2010年1月1日(金) 東奥日報 社説



■ 心の在り方を見直したい/新しい年を迎えて

 除夜の鐘とともに新しい年が開けた。2010年、寅(とら)年が希望あるものとなることを祈りたい。

 寅は本来、「いん」と読み、動くという意味。「春が来て草木が生じ、伸び始める状態を表す」といわれる。先を見通すことのできないこの混沌(こんとん)とした時流にあって、今年こそ灯火を見いだしたい。 そう願う。

 今から一世紀以上も前のこと。1897(明治30)年元旦に正岡子規は、「一年は正月に一生は今に在り」と詠んでいる。既に、不治の病にむしばまれていたころのことだ。

 時代は流れても、子規の正月句からは、新年に自分を冷徹に見つめ、今、この瞬間を大切に生きる。そんなりんとした精神が伝わってくるようだ。

 迎えた21世紀初頭は変化の激しい、千変万化の時代の中にある。ゆとりのない、困難な現代社会をどう生きるかは人それぞれだ。が、この状況に押し流されることなく、自分を見失わないようにしたいものだ。

 世界同時不況に端を発した旧年の不景気は、デフレを伴い今も出口を見通せない。多くの若者は就職難で落ち着けない。330万人を超える完全失業者も、どんな正月を迎えただろう。

 旧年の自殺者は1998年の寅年から12年連続で3万人超、県内でも500人余だ。一方、家庭内殺人や無差別殺人も多発、殺伐とした風景が広がっている。

 なぜなのか。

 暮らしが脅かされ、優勝劣敗をもたらす競争社会のゆがみからか。「うつの時代」といわれ、目標を失いかけた不安定で閉塞(へいそく)した世相に終止符を打つべきだ。

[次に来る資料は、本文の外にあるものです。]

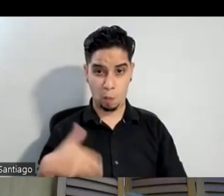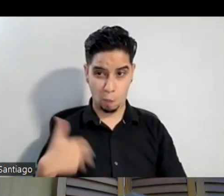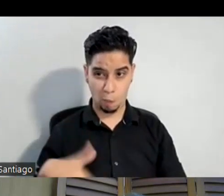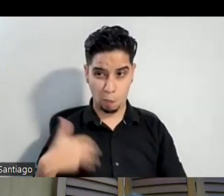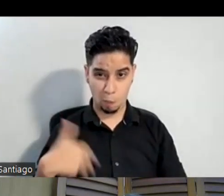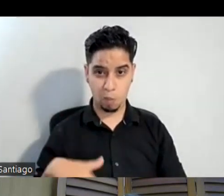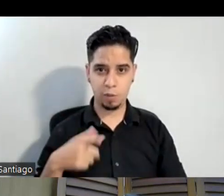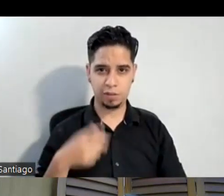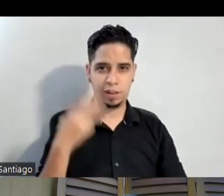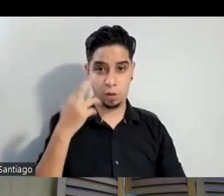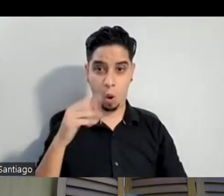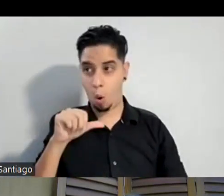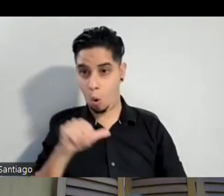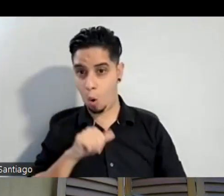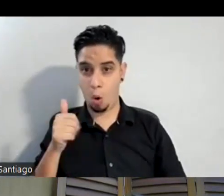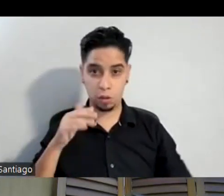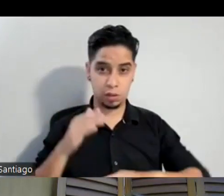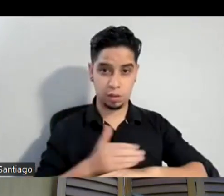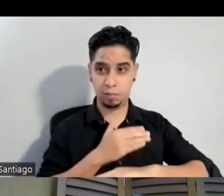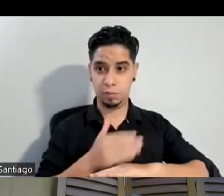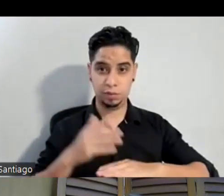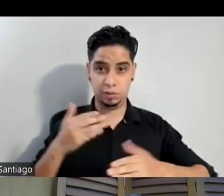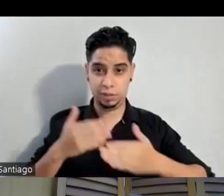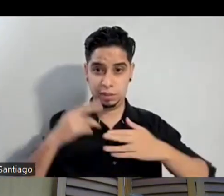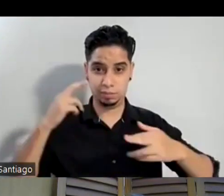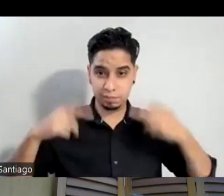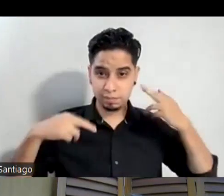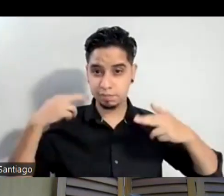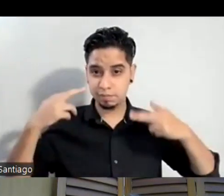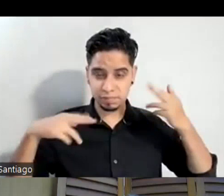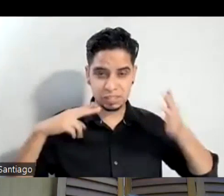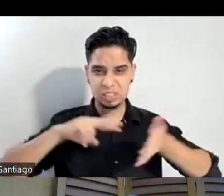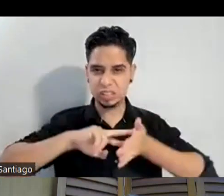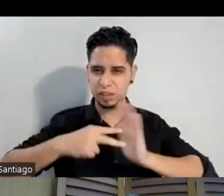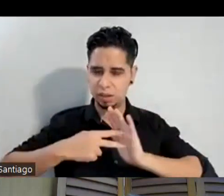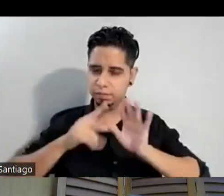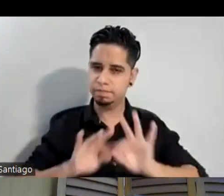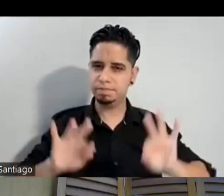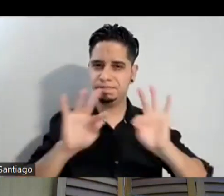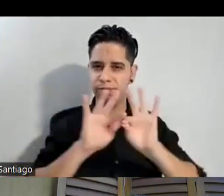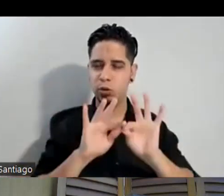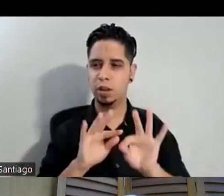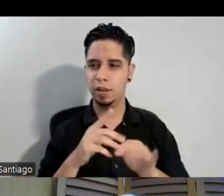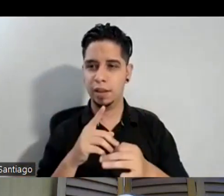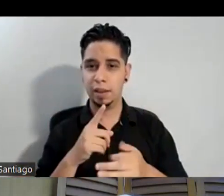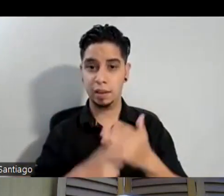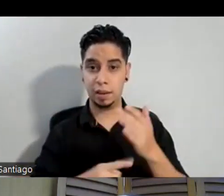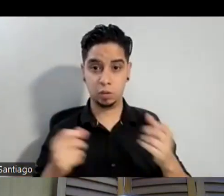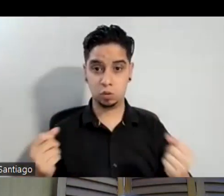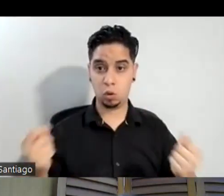otra canción de navidad porque llega hasta el reggaetón así que es importante que que llevemos a toda nuestra familia sobre todo los
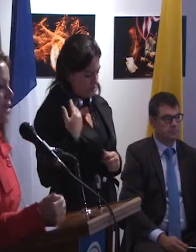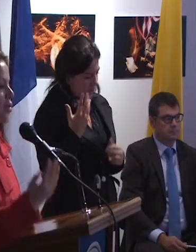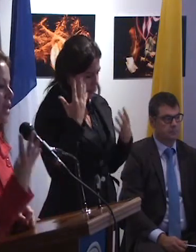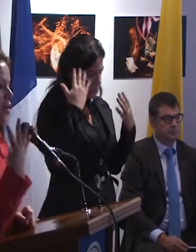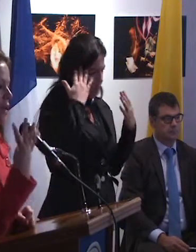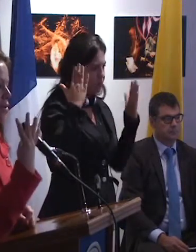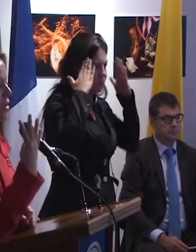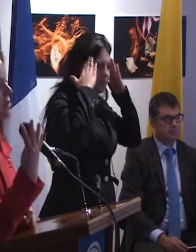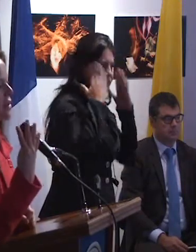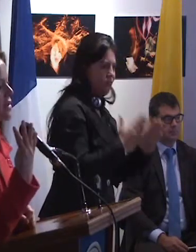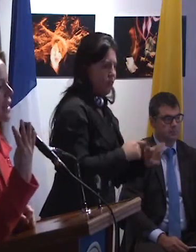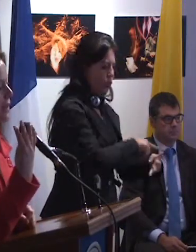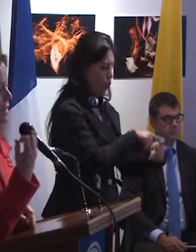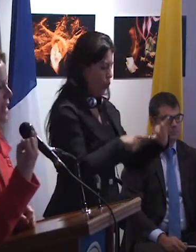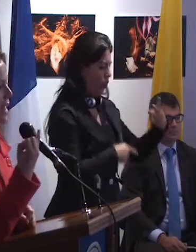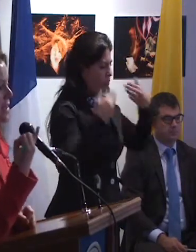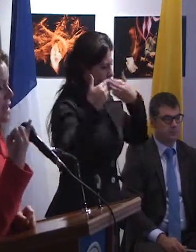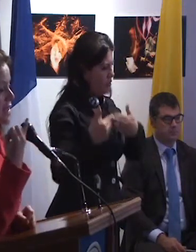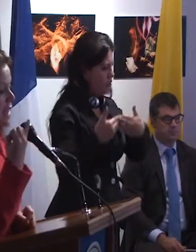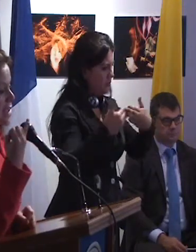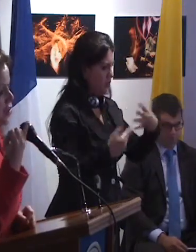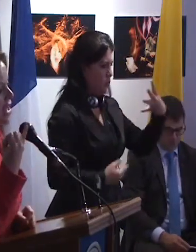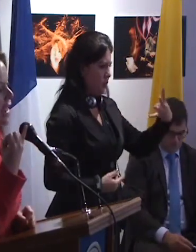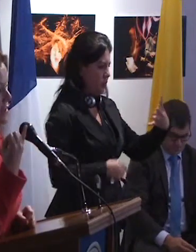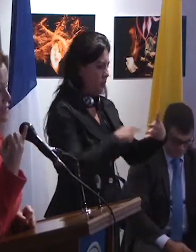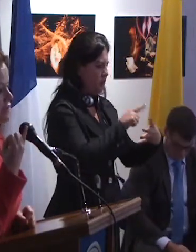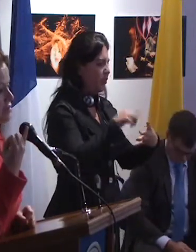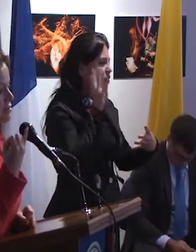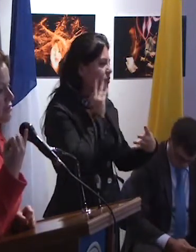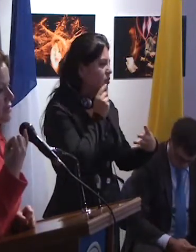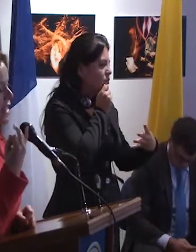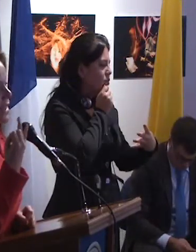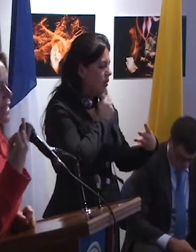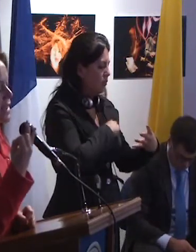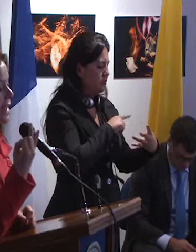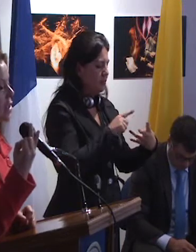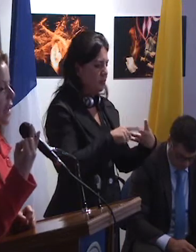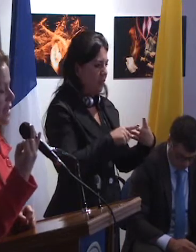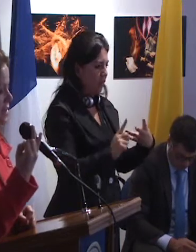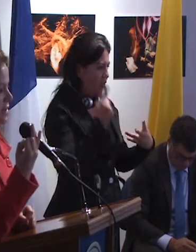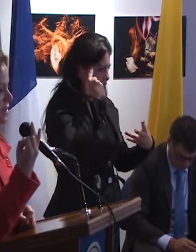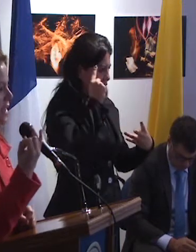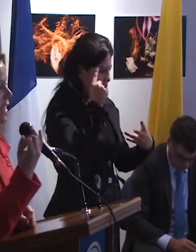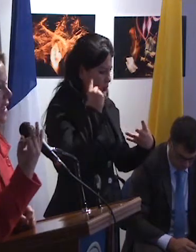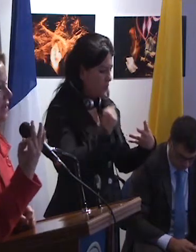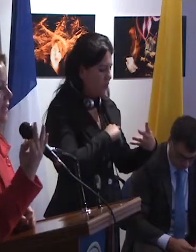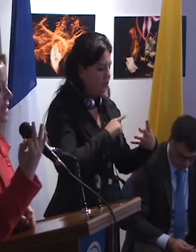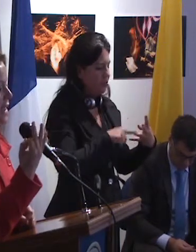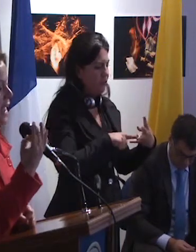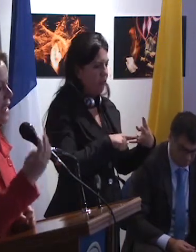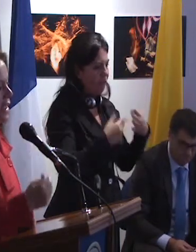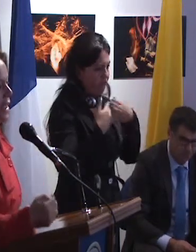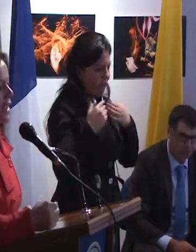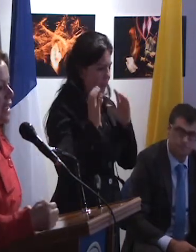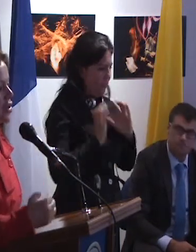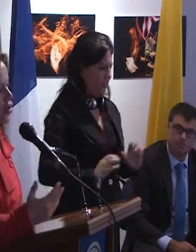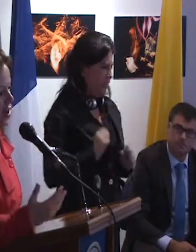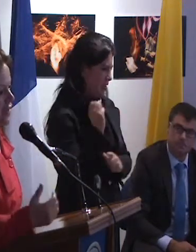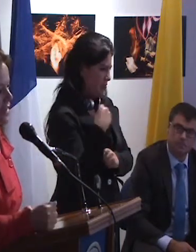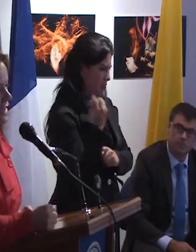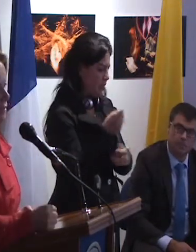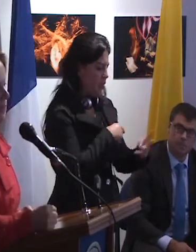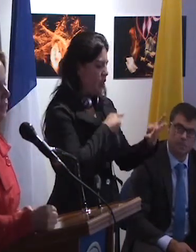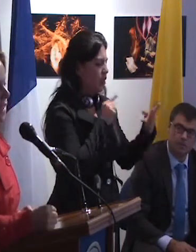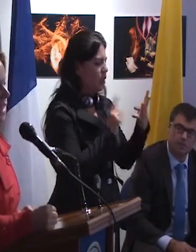en la atención de cuatro tipos de discapacidades, sensorial, intelectual, física y

将来に希望を芽吹かせ、安定した社会へと向かわせる必要がある。

 戦後の躍進から方向性の喪失に悩む日本に、的確な将来像と羅針盤がない。重量感に乏しい政治に課せられた重大な責務だ。そして国民、県民一人一人に突きつけられた課題でもある。

 国際日本文化研究センター名誉教授で宗教学者の山折哲雄さんは折に、現代社会の問題を解決し生き抜くヒントとして日本人の心に言及。1500年の昔からさまざまな思想を溶け合わせ、発展させてきた日本人の心をいま一度見直す必要がある旨を指摘している。

 いらだつことが増え、寛容の心、優しさが薄れたきしむ現代。不安や危機感に揺らされている。社会は人を粗末にし空虚な心を生んでいないか。心の在り方を見直す一年としたい。

 08年暮れ、東京・日比谷公園に造られた年越し派遣村。うどんをすすっていた男性が「ありがたい。仕事が見つかったらこの恩を必ず返したい」と話していた光景を思う。打ちひしがれても、人の心の本質はすさんではいないと信じたい。

 作家・城山三郎さんは「静かに行く者は健やかに行く。健やかに行く者は遠くまで行く」という言葉をずっと大事にした。

 苦境にある人、障害者や高齢者をいたわり、支える。家族のきずなや友を大切にし、地域には連帯を取り戻して、静かに、健やかに歩を進めていく−。

 年始に生活の速度をゆるめて、しばし立ち止まり、自らを、人生を想(おも)うひとときを持ちたい。